EXERCISE DESCRIPTION>
Pictures excluded, output the lines of the data below between the one holding "Hernia: negative" and the one holding "An aerial image. It shows: Cowshed", inclusive, exactly as they stand.

[Records from a collection]
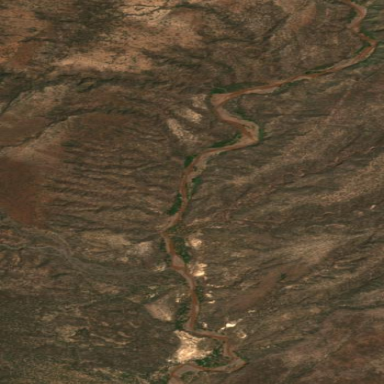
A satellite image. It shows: River flowing through natural landscape.
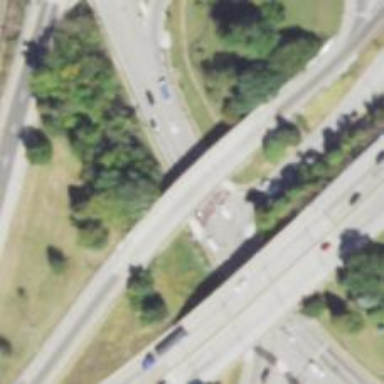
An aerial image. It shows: Bridge on motorway link.
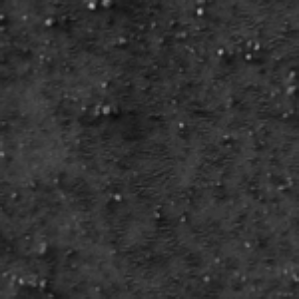
Label: frost
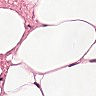
Metastatic tissue present: no
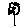
Label: flower
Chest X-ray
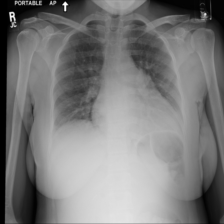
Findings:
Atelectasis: negative
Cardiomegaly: negative
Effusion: negative
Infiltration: negative
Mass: negative
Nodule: negative
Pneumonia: negative
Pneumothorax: negative
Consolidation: negative
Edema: negative
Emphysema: negative
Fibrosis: negative
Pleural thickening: negative
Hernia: negative
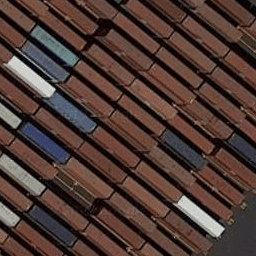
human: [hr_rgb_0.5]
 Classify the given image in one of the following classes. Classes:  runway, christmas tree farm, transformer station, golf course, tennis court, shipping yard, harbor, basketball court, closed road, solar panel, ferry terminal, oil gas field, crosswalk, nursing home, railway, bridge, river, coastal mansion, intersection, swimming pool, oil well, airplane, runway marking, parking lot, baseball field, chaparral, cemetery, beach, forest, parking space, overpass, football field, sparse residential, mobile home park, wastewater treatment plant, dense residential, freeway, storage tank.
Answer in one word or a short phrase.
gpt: shipping yard
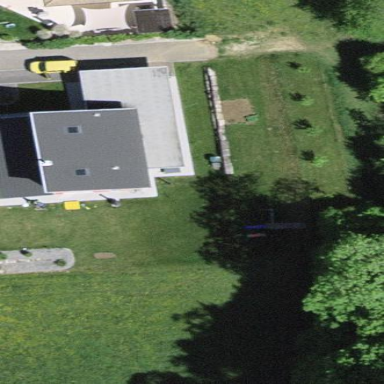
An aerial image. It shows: Simple house.
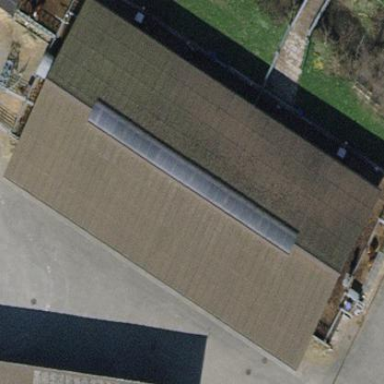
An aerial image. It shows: Cowshed with pitched roof.
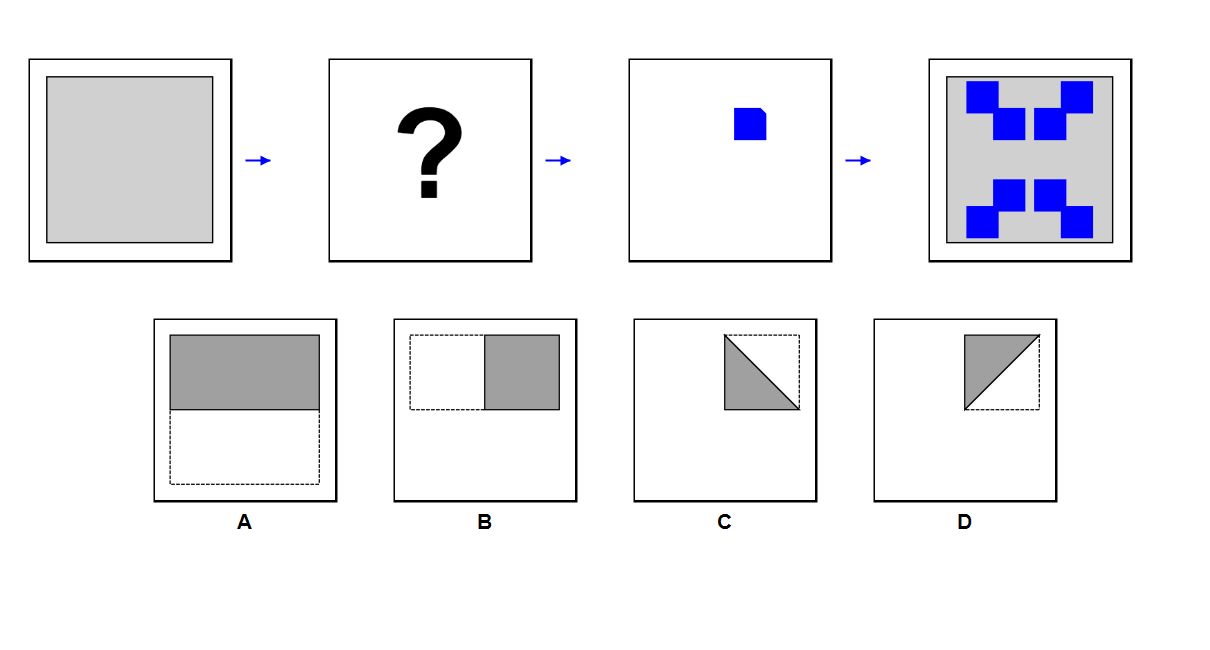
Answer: D
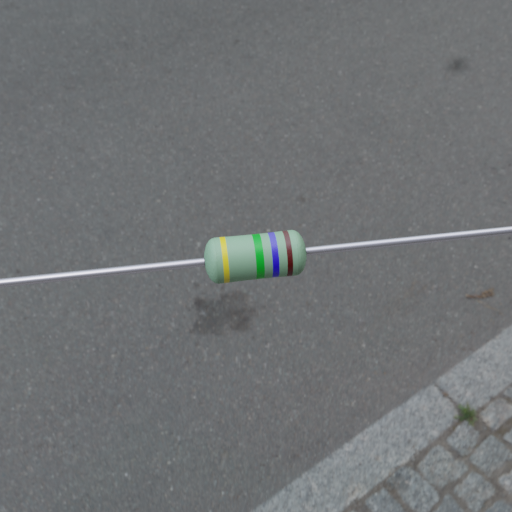
Resistor colour bands (in order): yellow, green, blue, brown
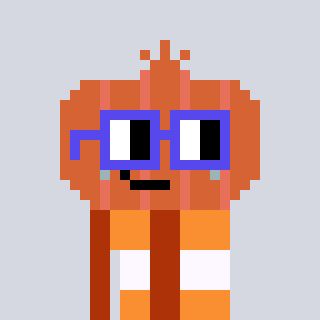
a pixel art character with square blue glasses, a onion-shaped head and a hotbrown-colored body on a cool background
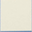
Piece: xx
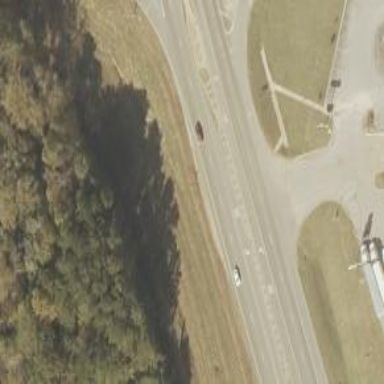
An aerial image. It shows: Asphalt highway with dual carriageway.
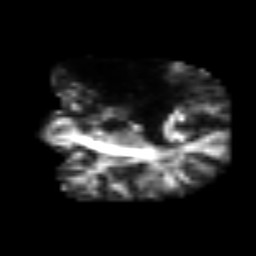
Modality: FA
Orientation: coronal
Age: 40
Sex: male
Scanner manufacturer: siemens
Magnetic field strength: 3 T
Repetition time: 3.2 s
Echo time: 0.081 s
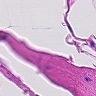
Metastatic tissue present: no
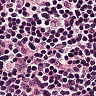
Metastatic tissue present: no
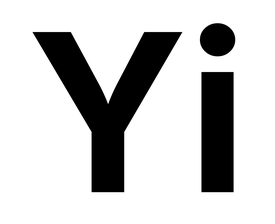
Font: Inter_Bold
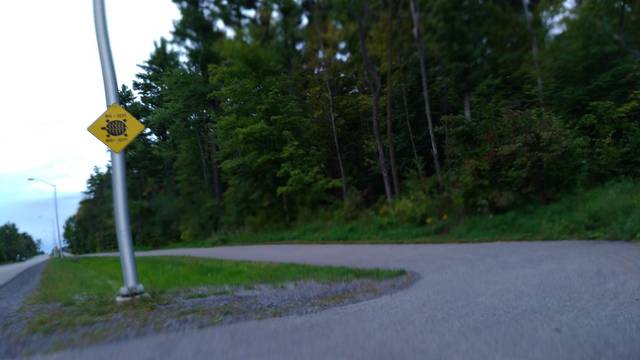
Region: Canada
Coordinates: 45.341, -75.94
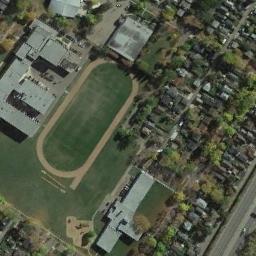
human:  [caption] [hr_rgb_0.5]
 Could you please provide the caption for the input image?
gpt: The ground track field is surrounded by some trees and houses arranged neatly .

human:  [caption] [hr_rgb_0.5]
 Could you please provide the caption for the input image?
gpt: There is a building on the left of the track .

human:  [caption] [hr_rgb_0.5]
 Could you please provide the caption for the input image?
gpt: The ground track field is surrounded by buildings .

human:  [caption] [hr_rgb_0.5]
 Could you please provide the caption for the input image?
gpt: The track and field are built on the lawn, Next to the residential area .

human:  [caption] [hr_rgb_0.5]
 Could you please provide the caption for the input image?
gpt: There are some gray buildings around the ground track field with a yellow track .
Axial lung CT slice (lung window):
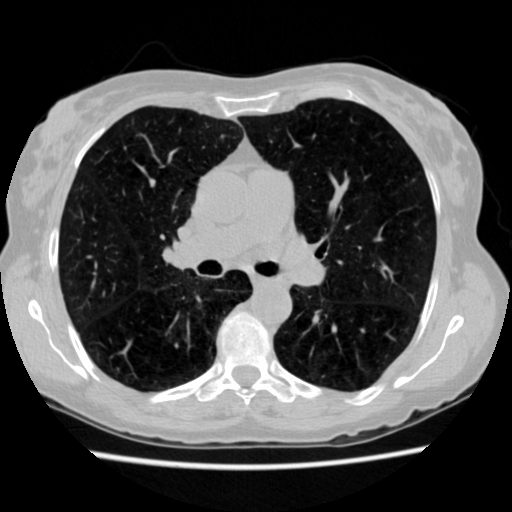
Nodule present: no
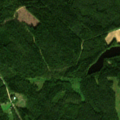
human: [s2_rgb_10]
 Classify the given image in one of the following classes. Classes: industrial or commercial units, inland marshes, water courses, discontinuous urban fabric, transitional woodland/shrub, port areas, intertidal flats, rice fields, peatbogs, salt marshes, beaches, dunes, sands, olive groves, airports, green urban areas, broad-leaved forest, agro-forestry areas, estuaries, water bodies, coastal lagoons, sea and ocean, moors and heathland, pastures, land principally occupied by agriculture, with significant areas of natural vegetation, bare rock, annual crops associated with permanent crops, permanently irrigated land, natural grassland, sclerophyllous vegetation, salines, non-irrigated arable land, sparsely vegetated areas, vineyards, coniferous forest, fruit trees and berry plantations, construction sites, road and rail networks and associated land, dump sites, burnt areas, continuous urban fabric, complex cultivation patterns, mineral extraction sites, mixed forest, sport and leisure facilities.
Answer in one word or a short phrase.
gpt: airports, coniferous forest, mixed forest
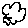
Label: cloud
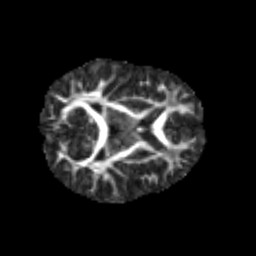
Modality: FA
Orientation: axial
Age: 6
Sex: male
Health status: healthy
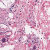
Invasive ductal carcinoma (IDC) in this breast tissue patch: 0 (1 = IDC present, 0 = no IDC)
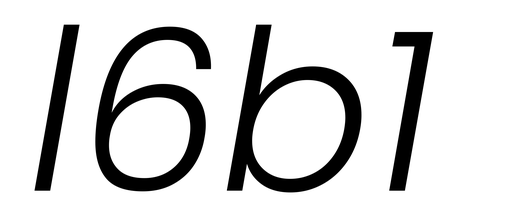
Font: Poppins-LightItalic
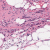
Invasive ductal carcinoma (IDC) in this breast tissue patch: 1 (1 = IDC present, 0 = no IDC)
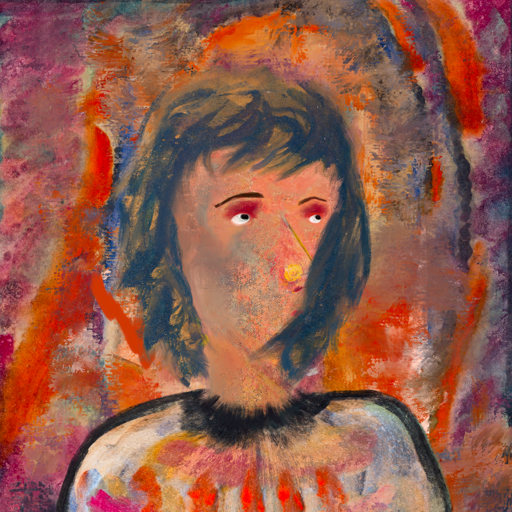
Background: Experience, Head And Neck Side: Irani, Face Side: Irani, Bust: Childish, Hair Side: In_The_Sun, Head Accessory: Blank, Second Necklace: Blank, Necklace: Blank, Baby: Blank
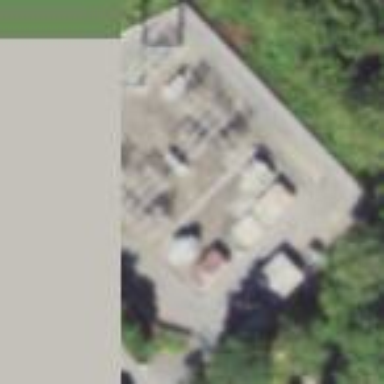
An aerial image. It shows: Outdoor distribution substation.
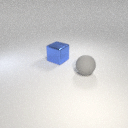
large blue metal cube behind large gray rubber sphere
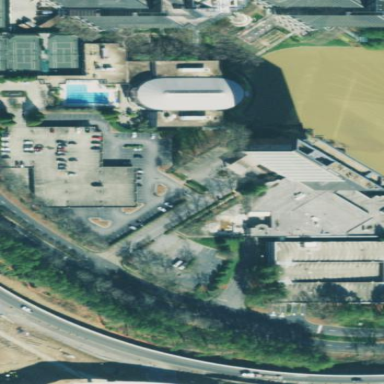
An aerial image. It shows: Hotel building.
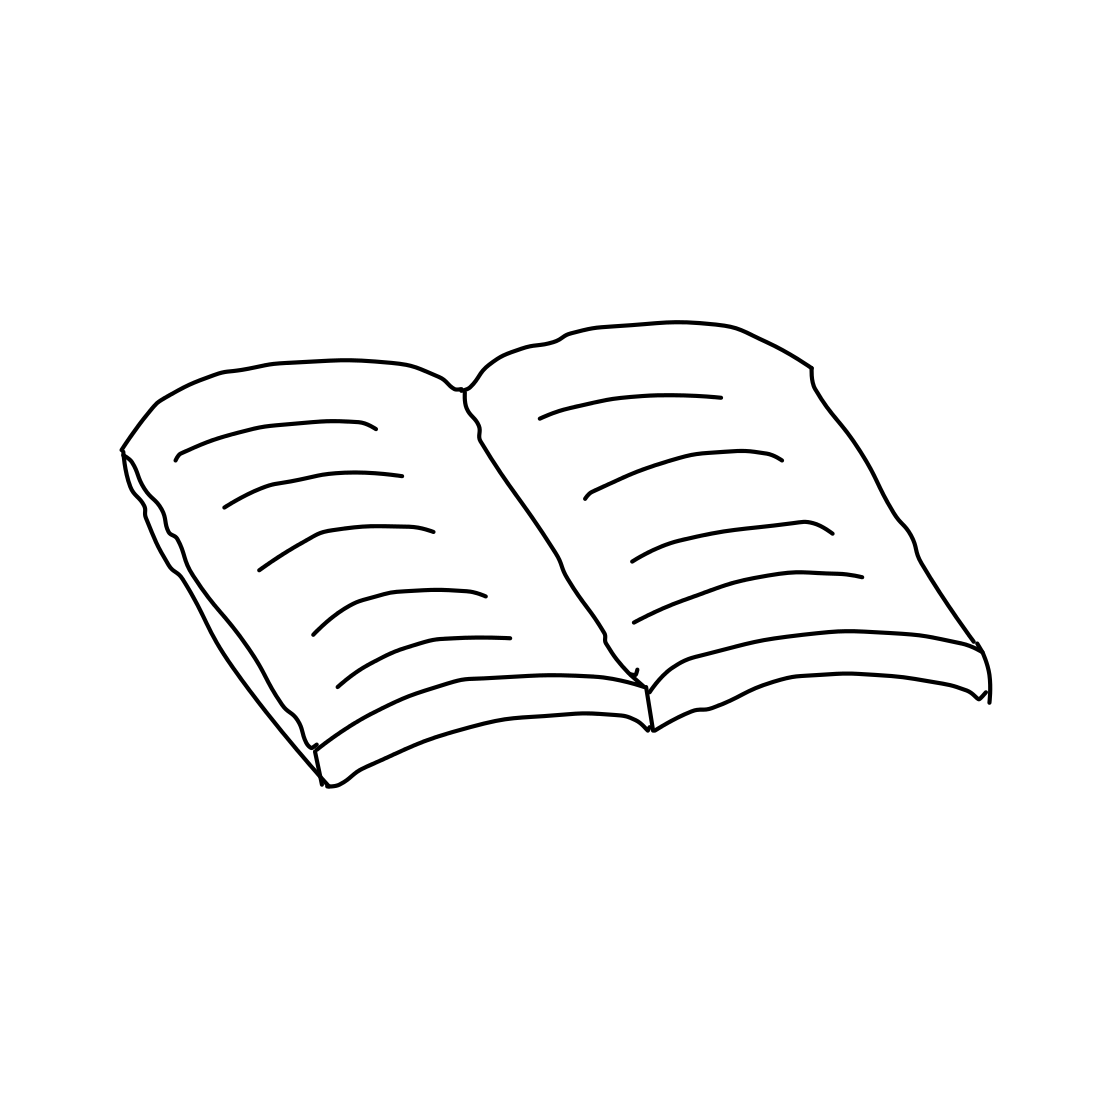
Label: book
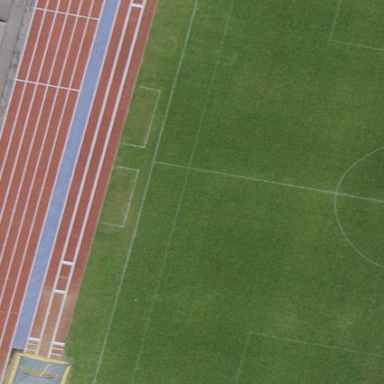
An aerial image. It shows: Long jump sport pitch.
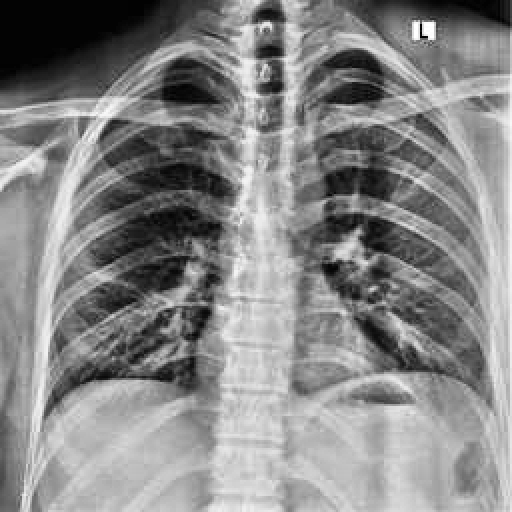
Finding: NORMAL
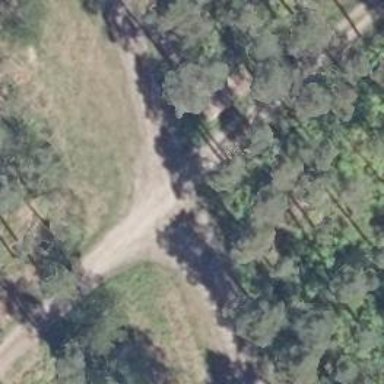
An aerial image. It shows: Track road with grade3 tracktype.
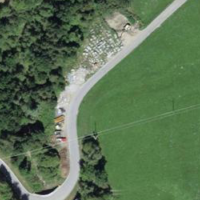
EUNIS habitat code: 24
Species observed at this site:
Linaria vulgaris
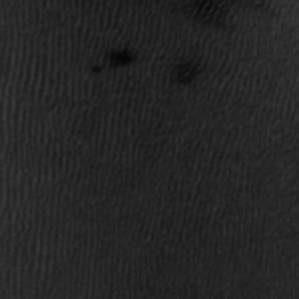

TASK RESPONSE>
Hernia: negative
human: [hr_rgb_0.5]
 Classify the given image in one of the following classes. Classes:  runway, christmas tree farm, transformer station, golf course, tennis court, shipping yard, harbor, basketball court, closed road, solar panel, ferry terminal, oil gas field, crosswalk, nursing home, railway, bridge, river, coastal mansion, intersection, swimming pool, oil well, airplane, runway marking, parking lot, baseball field, chaparral, cemetery, beach, forest, parking space, overpass, football field, sparse residential, mobile home park, wastewater treatment plant, dense residential, freeway, storage tank.
Answer in one word or a short phrase.
gpt: shipping yard
An aerial image. It shows: Simple house.
An aerial image. It shows: Cowshed with pitched roof.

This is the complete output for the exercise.